* Exercise
Whenever the word "white" turns up in a line of the data below, copy that line.
[Raw data Boundary: Start]
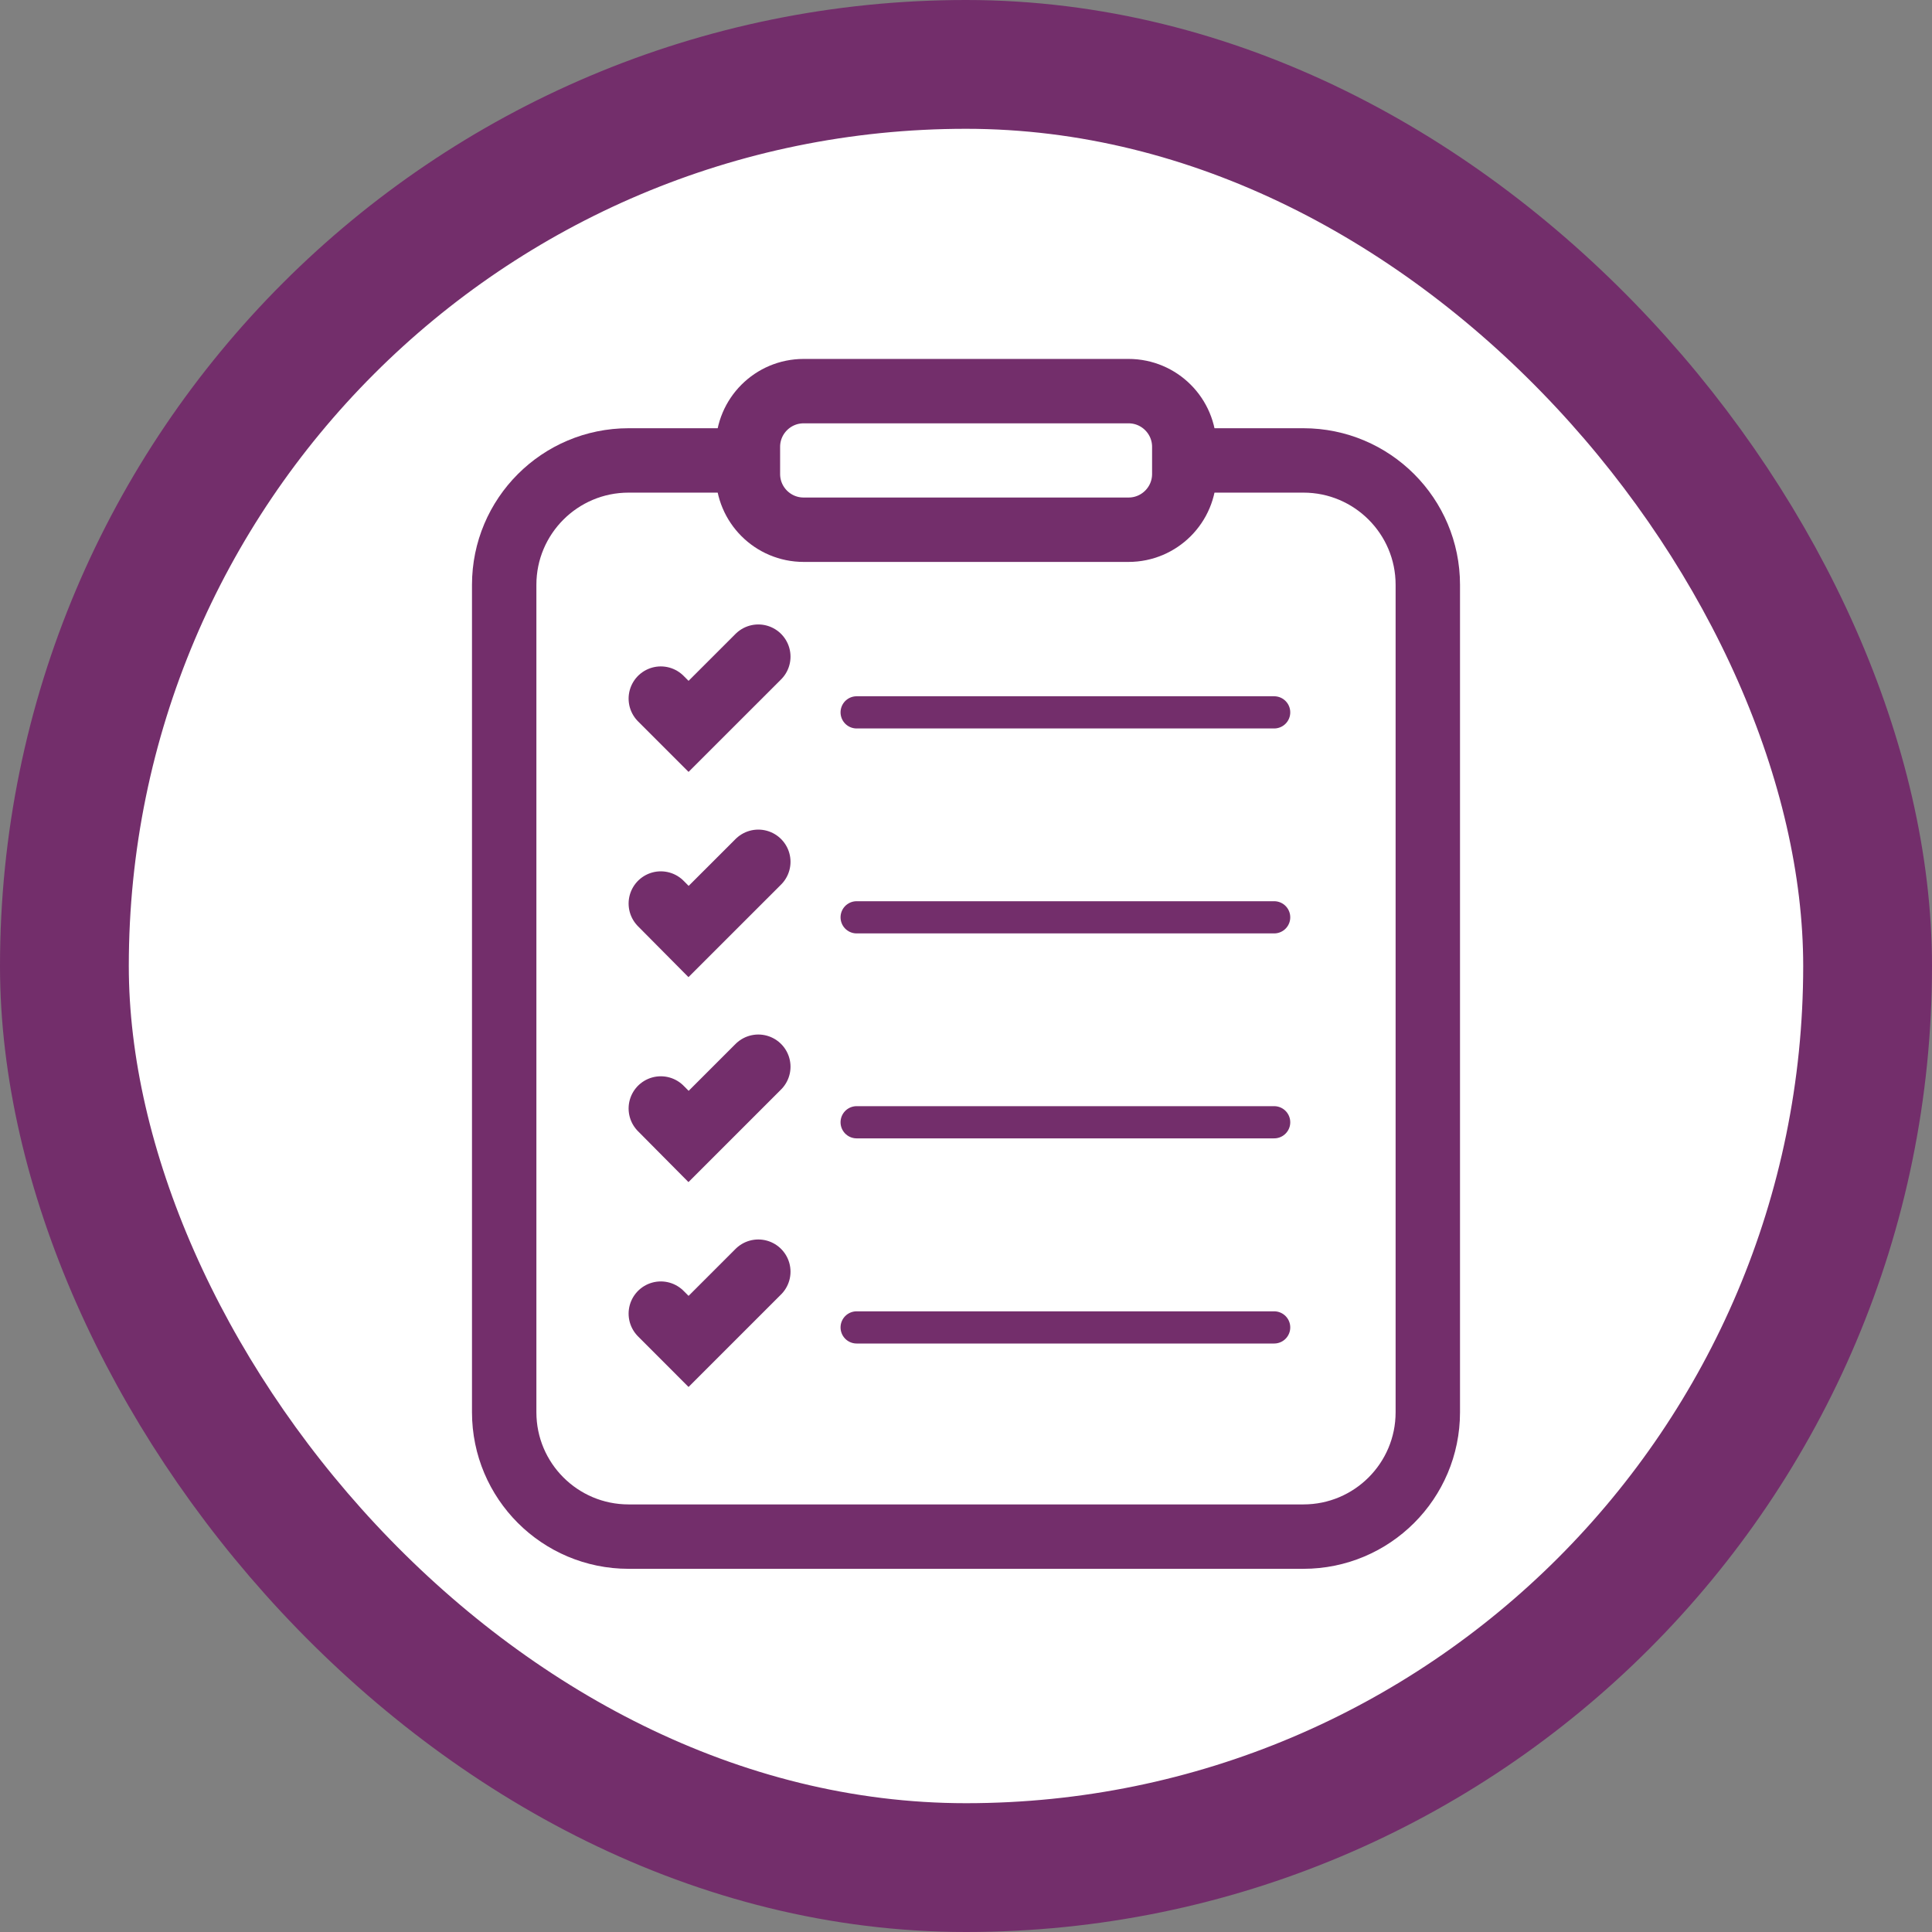 <svg width="60" height="60" viewBox="0 0 60 60" fill="none" xmlns="http://www.w3.org/2000/svg">
<rect x="0" y="0" width="60" height="60" fill="#808080" stroke="none"/>
<rect x="2" y="2" width="56" height="56" rx="28" fill="white"/>
<rect x="2" y="2" width="56" height="56" rx="28" stroke="#732e6b" stroke-width="4"/>
<path d="M40.478 14.299H19.522C17.388 14.299 15.658 16.029 15.658 18.162V43.858C15.658 45.992 17.388 47.721 19.522 47.721H40.478C42.612 47.721 44.342 45.992 44.342 43.858V18.162C44.342 16.029 42.612 14.299 40.478 14.299Z" stroke="#732e6b" stroke-width="2" stroke-miterlimit="10"/>
<path d="M23.227 13.878V14.72C23.227 15.676 24.002 16.451 24.958 16.451H35.048C36.004 16.451 36.779 15.676 36.779 14.72V13.878C36.779 12.922 36.004 12.147 35.048 12.147H24.958C24.002 12.147 23.227 12.922 23.227 13.878Z" fill="white" stroke="#732e6b" stroke-width="2" stroke-miterlimit="10" stroke-linecap="round"/>
<path d="M20.522 21.696L21.384 22.558L23.55 20.393" stroke="#732e6b" stroke-width="2" stroke-miterlimit="10" stroke-linecap="round"/>
<path d="M26.604 22.123H39.57" stroke="#732e6b" stroke-miterlimit="10" stroke-linecap="round"/>
<path d="M20.522 28.06L21.384 28.929L23.55 26.764" stroke="#732e6b" stroke-width="2" stroke-miterlimit="10" stroke-linecap="round"/>
<path d="M26.604 28.488H39.57" stroke="#732e6b" stroke-miterlimit="10" stroke-linecap="round"/>
<path d="M20.522 34.425L21.384 35.294L23.55 33.128" stroke="#732e6b" stroke-width="2" stroke-miterlimit="10" stroke-linecap="round"/>
<path d="M26.604 34.853H39.57" stroke="#732e6b" stroke-miterlimit="10" stroke-linecap="round"/>
<path d="M20.522 40.796L21.384 41.659L23.55 39.493" stroke="#732e6b" stroke-width="2" stroke-miterlimit="10" stroke-linecap="round"/>
<path d="M26.604 41.224H39.57" stroke="#732e6b" stroke-miterlimit="10" stroke-linecap="round"/>
</svg>
[Raw data Boundary: End]
* Solution to this problem
<rect x="2" y="2" width="56" height="56" rx="28" fill="white"/>
<path d="M23.227 13.878V14.72C23.227 15.676 24.002 16.451 24.958 16.451H35.048C36.004 16.451 36.779 15.676 36.779 14.72V13.878C36.779 12.922 36.004 12.147 35.048 12.147H24.958C24.002 12.147 23.227 12.922 23.227 13.878Z" fill="white" stroke="#732e6b" stroke-width="2" stroke-miterlimit="10" stroke-linecap="round"/>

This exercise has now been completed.